I throw my head back, taking in the different shades of green from the leaves above us. I watch as the birds' flit from one branch to another and take a couple deep breaths.

“Something happened... a long time ago. It’s just really made me rethink a lot of things.” I sigh.

“Something bad? Did someone hurt you?” He asks quietly.

I shake my head, “Not exactly. I lost someone and I don’t think I ever got over it. I know it’s been ten years, but it was traumatic, and it’s really made it hard to build relationships, at least romantic ones.”

“Jeez, ten years is a long time, Ash. I think maybe it’s time to shake it off.”

I freeze where I stand, glaring at the blonde headed idiot. When he realizes I’ve stopped walking he turns around to face me.

“You have no freaking idea what I’ve been through. Shake it off?” I laugh mirthlessly. “You have no clue what you are saying.”

“I didn’t mean to upset you. You know I never mean to upset you, Ash.

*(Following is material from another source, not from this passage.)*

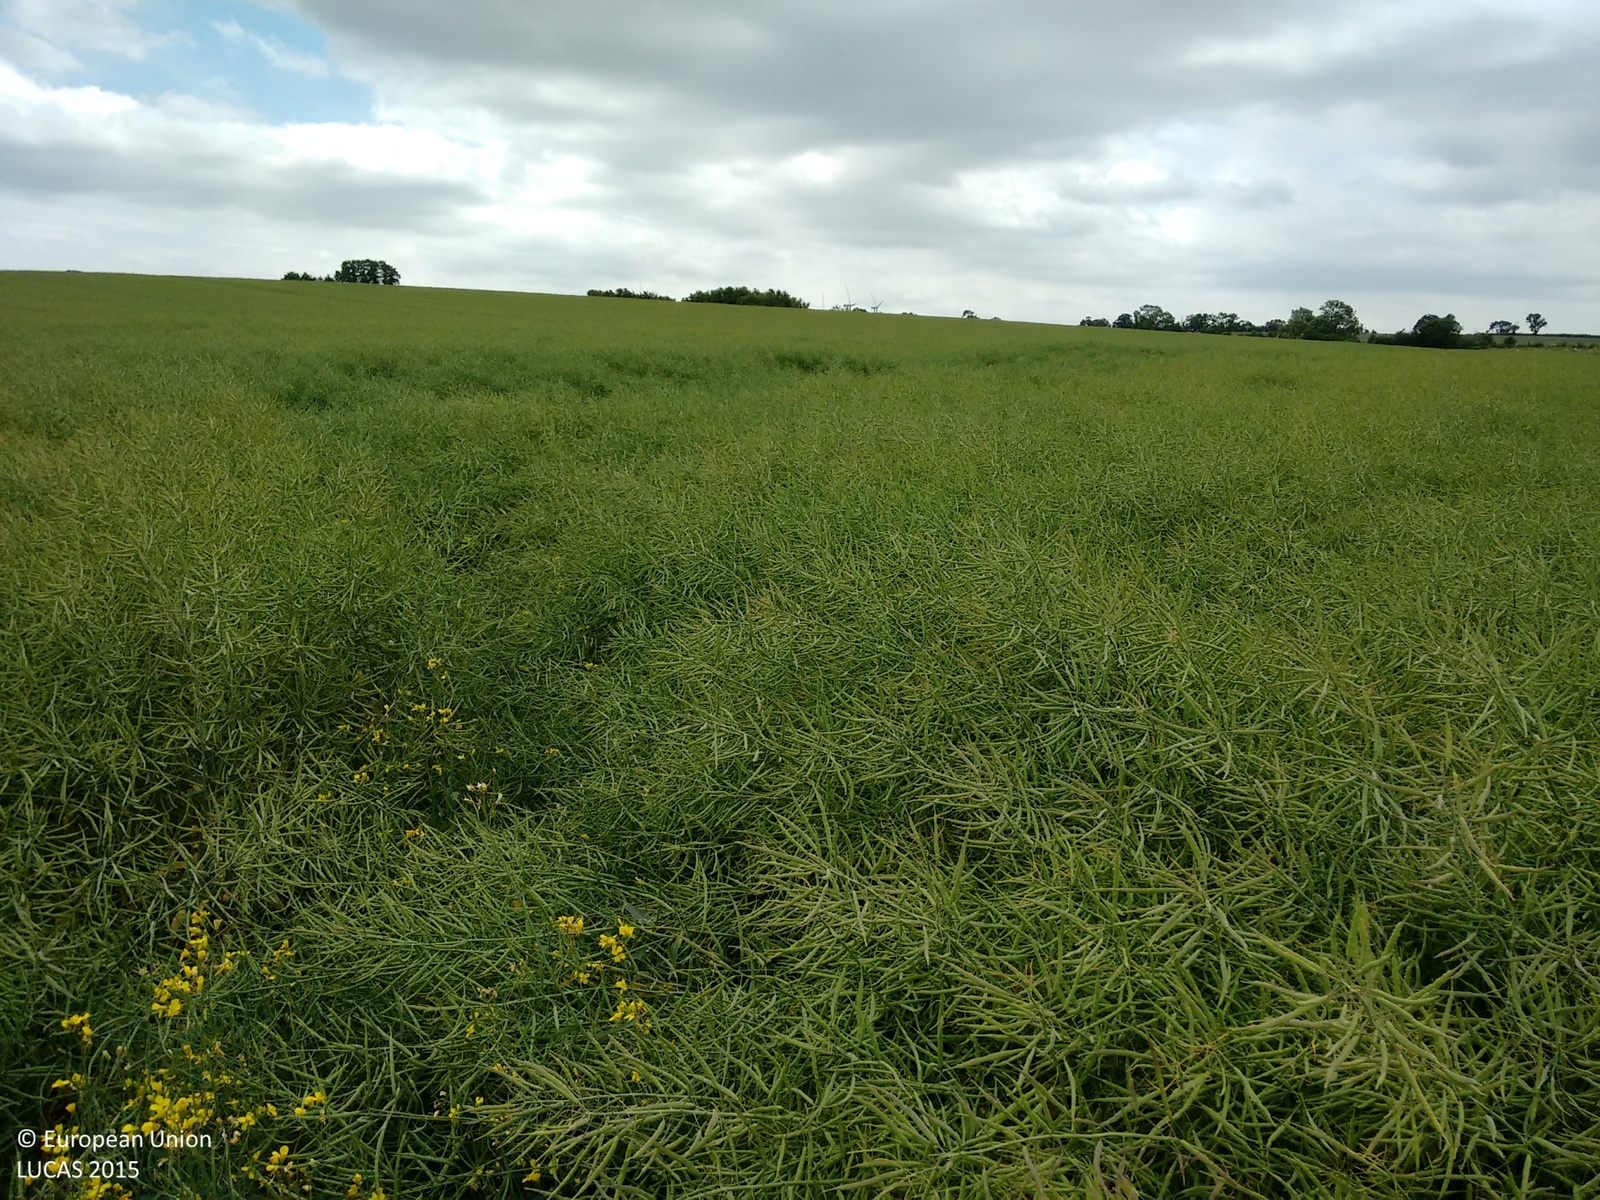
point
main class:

You can talk to me, tell me what happened for you to get to this conclusion that you can never kiss another person or let them in without it meaning something.” He pleads, gently grabbing my elbow.

I stare up into his dark brown eyes, searching inside myself for words.

“I can’t.” I choke out, a sob caught in my throat.

Hypnos’ nose flares and without another second passing, he pulls me into him, holding me while I cry into his chest. He gives me time to let it all out, every emotion that I’m feeling, which happens to be a very large range.

It’s the first time I’ve cried about my past in years. It took a long time to feel numb, let alone okay and even then, I was never truly okay. I’m still working out a lot of issues, but I’ve found normalcy in my life again and it’s all I can ask for. I don’t want to screw it up.